══ PROVIDED RECORDS ══

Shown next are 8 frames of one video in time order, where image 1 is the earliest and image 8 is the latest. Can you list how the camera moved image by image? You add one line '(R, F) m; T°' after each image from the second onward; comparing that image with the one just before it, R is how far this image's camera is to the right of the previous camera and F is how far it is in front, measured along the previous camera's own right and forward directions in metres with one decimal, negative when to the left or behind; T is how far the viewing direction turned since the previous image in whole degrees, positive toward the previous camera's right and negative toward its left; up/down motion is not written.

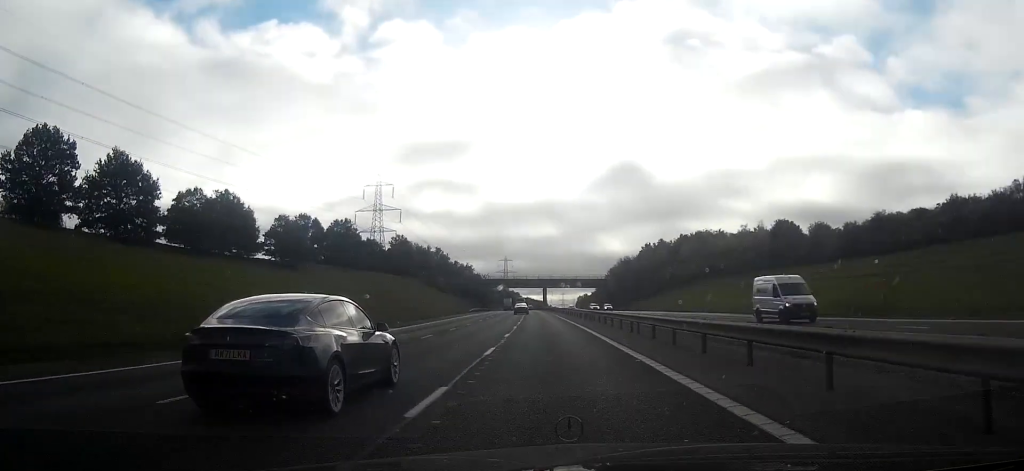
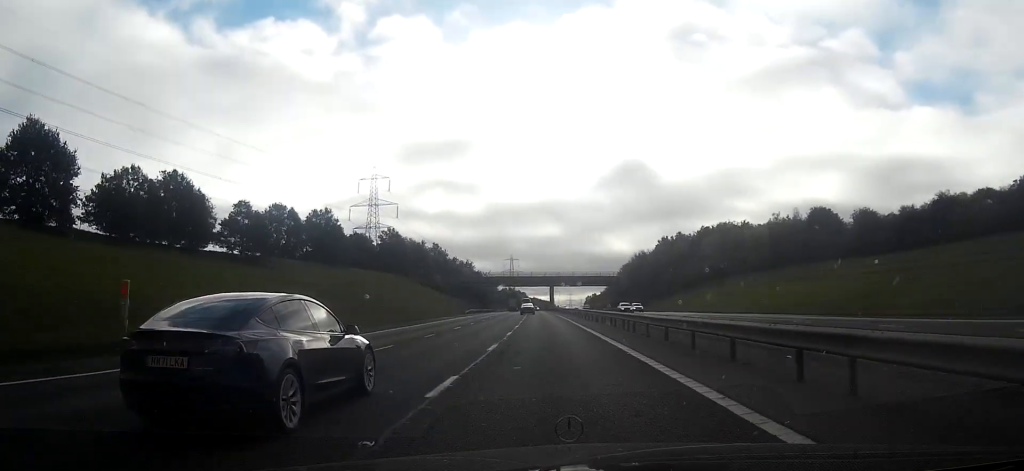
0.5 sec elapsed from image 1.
(-0.1, +16.8) m; -1°
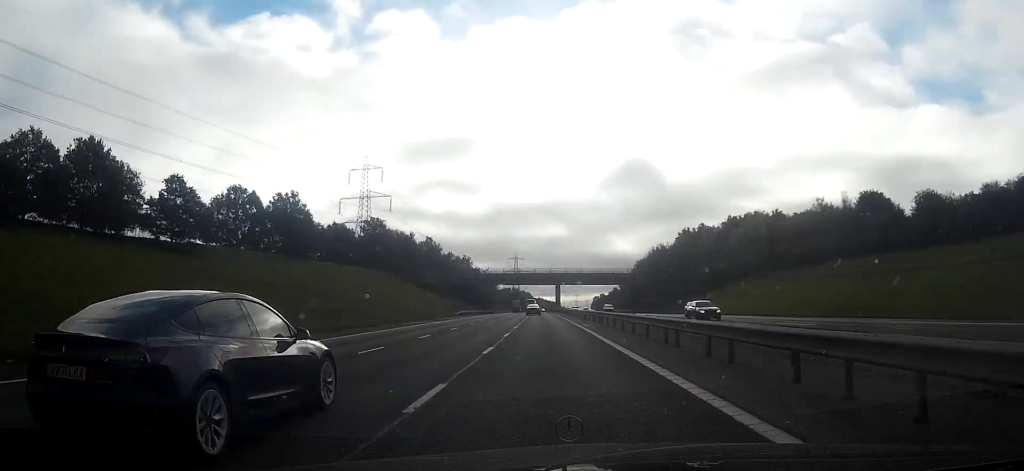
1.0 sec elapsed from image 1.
(-0.1, +19.1) m; 0°
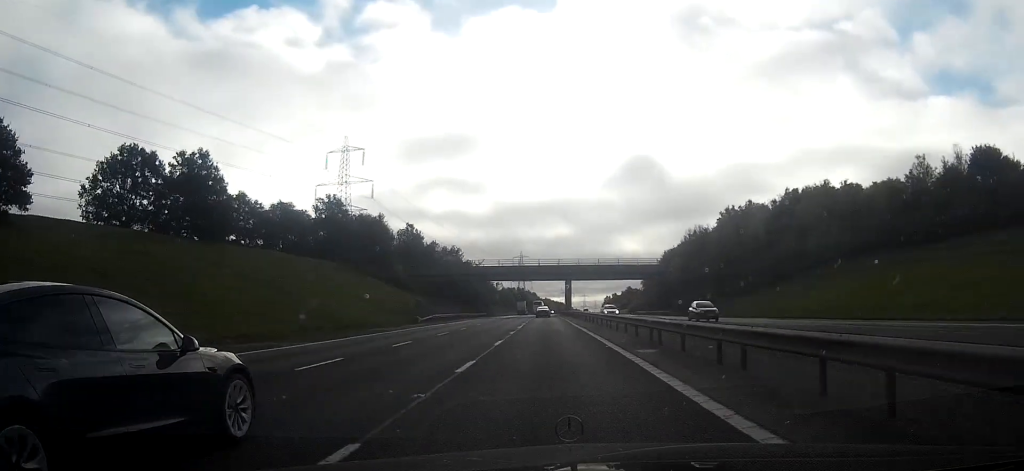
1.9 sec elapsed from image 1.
(-0.2, +31.1) m; -1°
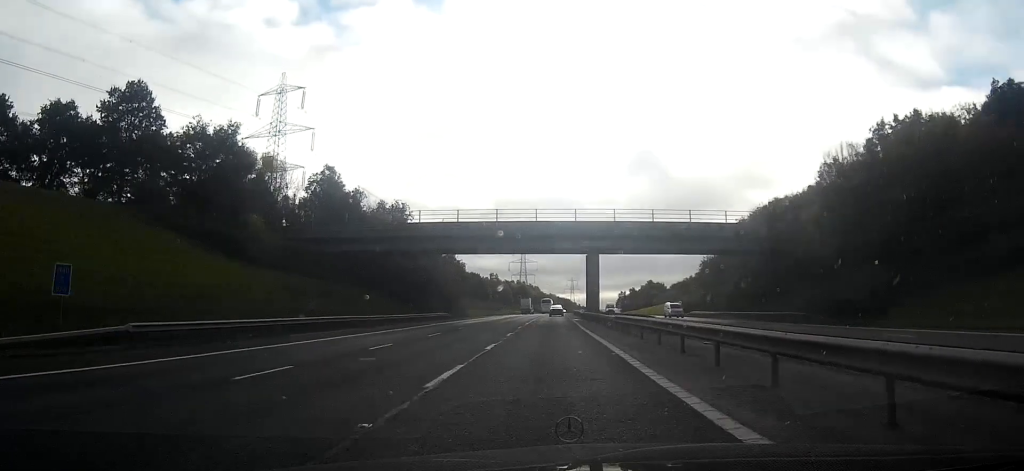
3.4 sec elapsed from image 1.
(-0.4, +55.8) m; -1°
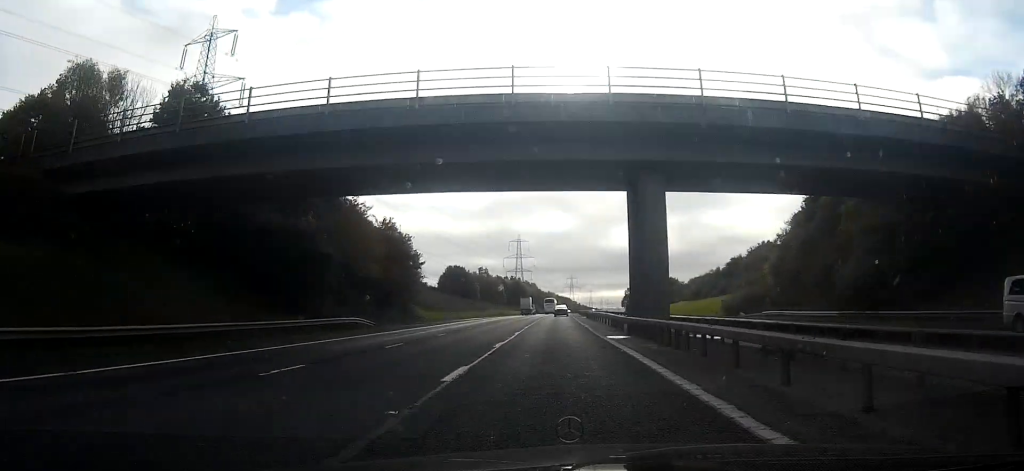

═══

> [AIM OF THE EXERCISE]: Please copy out the entries above exactly as they appear, but skip their images.

> [SOLVED EXERCISE]:
Shown next are 8 frames of one video in time order, where image 1 is the earliest and image 8 is the latest. Can you list how the camera moved image by image? You add one line '(R, F) m; T°' after each image from the second onward; comparing that image with the one just before it, R is how far this image's camera is to the right of the previous camera and F is how far it is in front, measured along the previous camera's own right and forward directions in metres with one decimal, negative when to the left or behind; T is how far the viewing direction turned since the previous image in whole degrees, positive toward the previous camera's right and negative toward its left; up/down motion is not written.

0.5 sec elapsed from image 1.
(-0.1, +16.8) m; -1°
1.0 sec elapsed from image 1.
(-0.1, +19.1) m; 0°
1.9 sec elapsed from image 1.
(-0.2, +31.1) m; -1°
3.4 sec elapsed from image 1.
(-0.4, +55.8) m; -1°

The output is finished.